A simple model that exhibits emergent symmetry?

Question

In a previous question Emergent symmetries I asked, Prof.Luboš Motl said that emergent symmetries are never exact. But I wonder whether the following example is an counterexample that has exact emergent spin rotational symmetry.

Just consider the simplest Ising model for two spin-1/2 system $H=\sigma_1^z\sigma_2^z$, it has two ground states, one of them is spin-singlet $|\uparrow\downarrow> -|\downarrow\uparrow> $ which possesses spin rotational symmetry, while the original Hamiltonian explicitly breaks it.

And I want to know if anyone knows some simple examples that all of the ground states have the emergent symmetry while the Hamiltonian doesn't have?

By the way,I remember that Prof.Xiao-gang Wen has said, a key difference between "topological degeneracy" and "ordinary degeneracy" is that the topological degeneracy is generally approximate while the ordinary degeneracy is exact. If the emergent symmetries are generally approximate, whether are there some connections between the topological degeneracy and emergent symmetries?

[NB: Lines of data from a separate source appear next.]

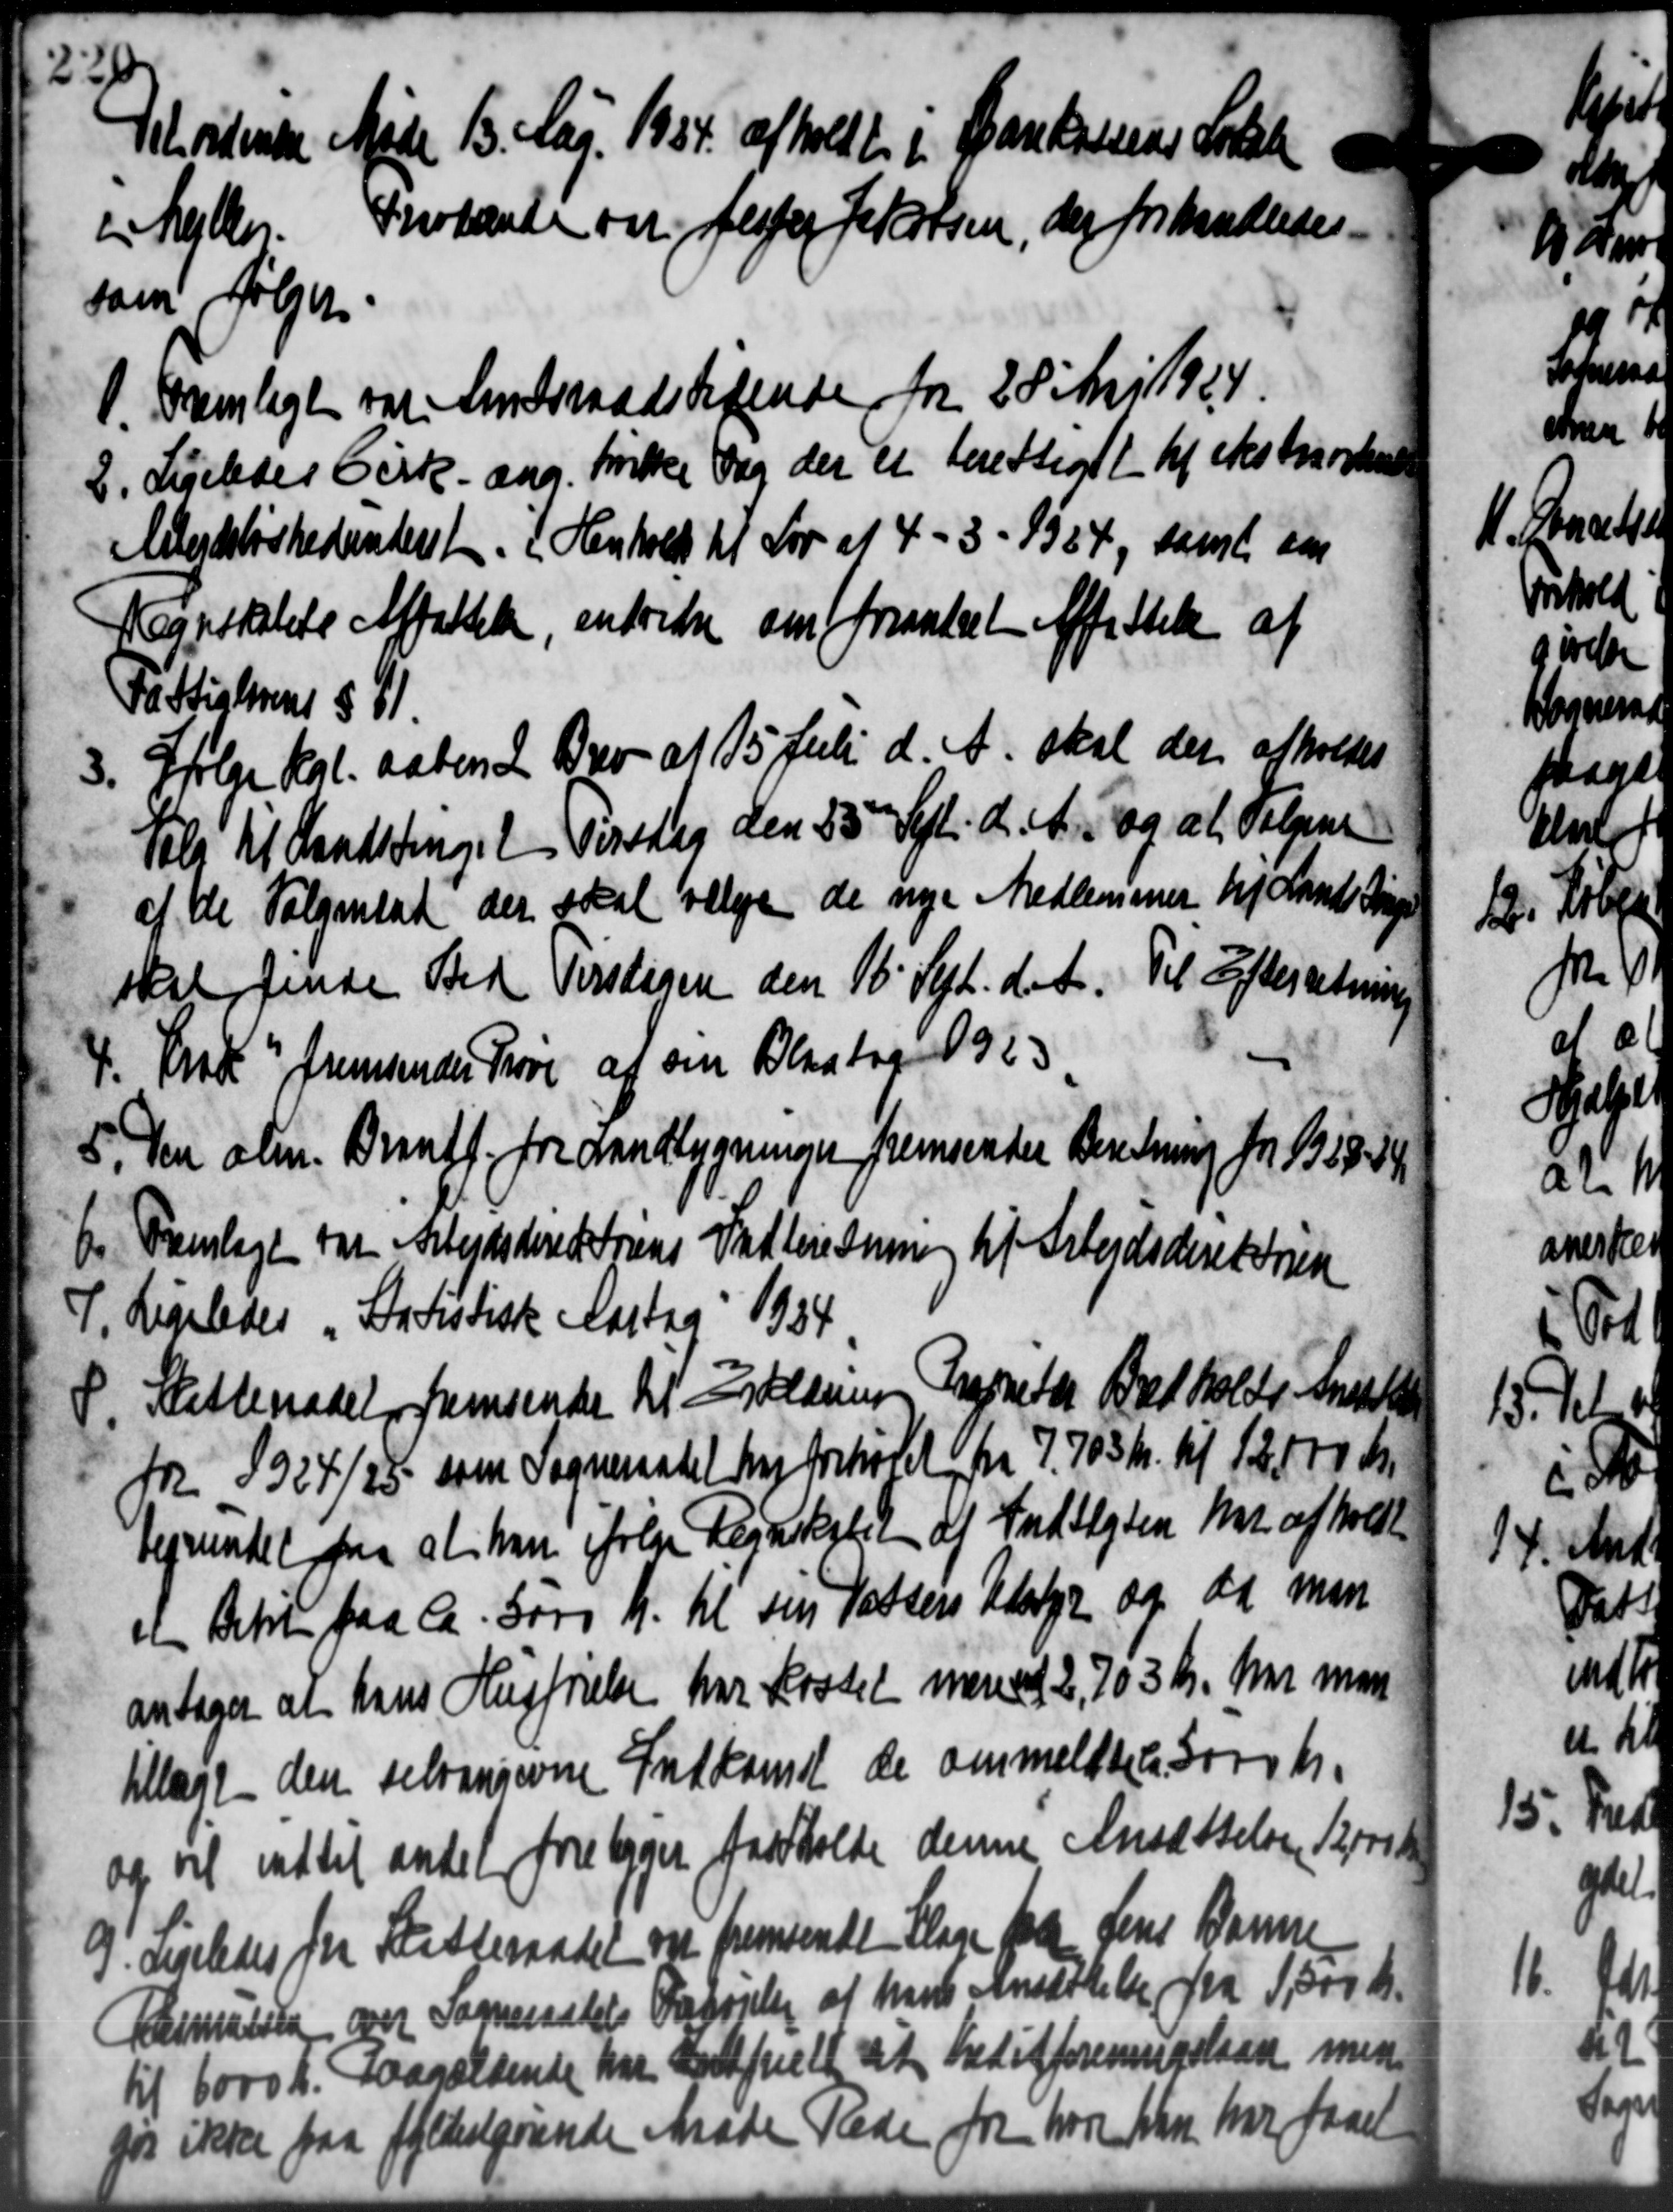
Transskription:
Til vidente Møde 13. Mag. 1934 afholdt i Spankassens Lokale
Instande om Jesper Jakobsen, der forhandledes.
Nyker
som følger.
1. Samligt var Amtsraadstidende fra 28 Maj 1924.
1. Samligt var Amtsraadstidende fra 28 Maj 1924.
2. Ligeledes Cirk. ang. hvilke dag der er berettiget til ekstraordne
2. Ligeledes Cirk. ang. hvilke dag der er berettiget til ekstraordne
Arbejdsløshedenderst. I Henhold til Lov af 4 - 3 - 8584, samt sam
Regnskabets Affatter, entritse om fremstaet Affattelse af
Fattighuse § 41
3. Ifølge Kal. aabende Brev af 15 Juli d. A. skal der afholdes
3. Ifølge Kal. aabende Brev af 15 Juli d. A. skal der afholdes
Salg til Landstinget Torsdag den 23 Sept. d. A. Sag af Valgene
af de Valgmat der skal vælge de nye Medlemmer til Landtes Søren
skal finde ved Torsdagen den 16' Sept. d. A. Til Efterretning
4. Frad fremsender Prøve af sin Blaatag. 1923
4. Frad fremsender Prøve af sin Blaatag. 1923
5. Den alm. Brandf. for aandbygninger fremsender Beretning fra 1358-54.
5. Den alm. Brandf. for aandbygninger fremsender Beretning fra 1358-54.
6. Fremlagt for Arbejdsdired Sørens Vadberetning til Arbejdsdirektøren
6. Fremlagt for Arbejdsdired Sørens Vadberetning til Arbejdsdirektøren
7, Ligeledes „Statistisk Lastag 1934.
7, Ligeledes „Statistisk Lastag 1934.

Skatteradet fremsender til Erklæringe Bregneter Betholds Anstal
for 1924/25 som Sogneraadet sig forhøiet fra 7.703 Kr. til 12.000 Kr.
Tegnendet faa at han ifølge Regnskabet af Indtægten Kr afholdt
el Betit paa Aar. Sorø H. til sin Valders Udstyr og da man
antoges at hans Husføielse har kostet mere af 2,703 Kr. har man
tillagt den selvangivne Indkomst de ommeldtes Forsk.
og vil indtil andel fra Egger fastholde denne Ansættelsen 12000 k
9. Ligeledes for Skatteraadet var fremsende Slage fra Jens Danne
9. Ligeledes for Skatteraadet var fremsende Slage fra Jens Danne
Rasmussen om Sogneraadets Forgørelse af hans Ansættelse fra 1500 Kr.
til 6000 Kr. Paagældende har spielt at heditforeningslaan men
for ikke paa foldestgrende Møde Rede for høre Man har faaet

Comments: The two ground states of the above Ising example are degenerate. I wonder that whether an emergent symmetry could happen for a nondegenerate eigenstate ? For example, if an eigenstate of a Hamiltonian is non-degenerate, then this eigenstate must preserve all the symmetries of the Hamiltonian, and is there any possibility that this eigenstate has additional symmetry which is absence in the Hamiltonian ? Does someone know any example of this kind?

Thanks in advance.

Answer 1

I think the simplest example is very closely related to your suggestion of the two-site Ising model. Instead, consider the two-site XX-chain: $$ H = \sigma_1^x \sigma_2^x + \sigma_1^y \sigma_2^y. $$ Clearly the Hamiltonian has $U(1)$ symmetry (generated by $\sigma^z_1 + \sigma^z_2$) but it does NOT have full $SU(2)$ symmetry. However, its (unique!) ground state is the spin singlet $$ |\psi_\textrm{gs}\rangle = \frac{1}{\sqrt{2}} \left( |\uparrow_1 \downarrow_2\rangle -|\downarrow_1 \uparrow_2\rangle \right). $$ Hence, its unique ground state has an emergent $SU(2)$ symmetry.

Answer 2

The simplest model is the spin-1/2 chain with Majumdar–Ghosh interaction: $$H=\sum_i P_{3/2}(i-1,i,i+1),$$ where $P_{3/2}(i,j,k)$ is the projection operator that projects a state onto the subspace with total spin-3/2 on sites $i,j,k$. The ground states are two dimer states (see the figure on wikipedia Majumdar–Ghosh model): $$|\psi_1\rangle=\prod_i|\mathrm{singlet}\rangle_{2i,2i+1},$$ $$|\psi_2\rangle=\prod_i|\mathrm{singlet}\rangle_{2i-1,2i}.$$

If we define the symmetry transformation $U(i,j)=\exp(ia_{ij}P_0(i,j))$ where $P_0(i,j)$ is the singlet projection operator, then $$U(2i,2i+1)|\psi_1\rangle=\exp(i a_{2i,2i+1})|\psi_1\rangle,$$ $$U(2i-1,2i)|\psi_2\rangle=\exp(i a_{2i-1,2i})|\psi_2\rangle,$$ for any $i$. In other words, $|\psi_1\rangle$ supports a one dimensional representation of the group $U(2i,2i+1)$ (any $i$) which is not a symmetry of the original Hamiltonian. Similar for $|\psi_2\rangle$. It is exactly those emergent symmetries that make this model soluble.

More sophisticated examples can be found here: 0207106.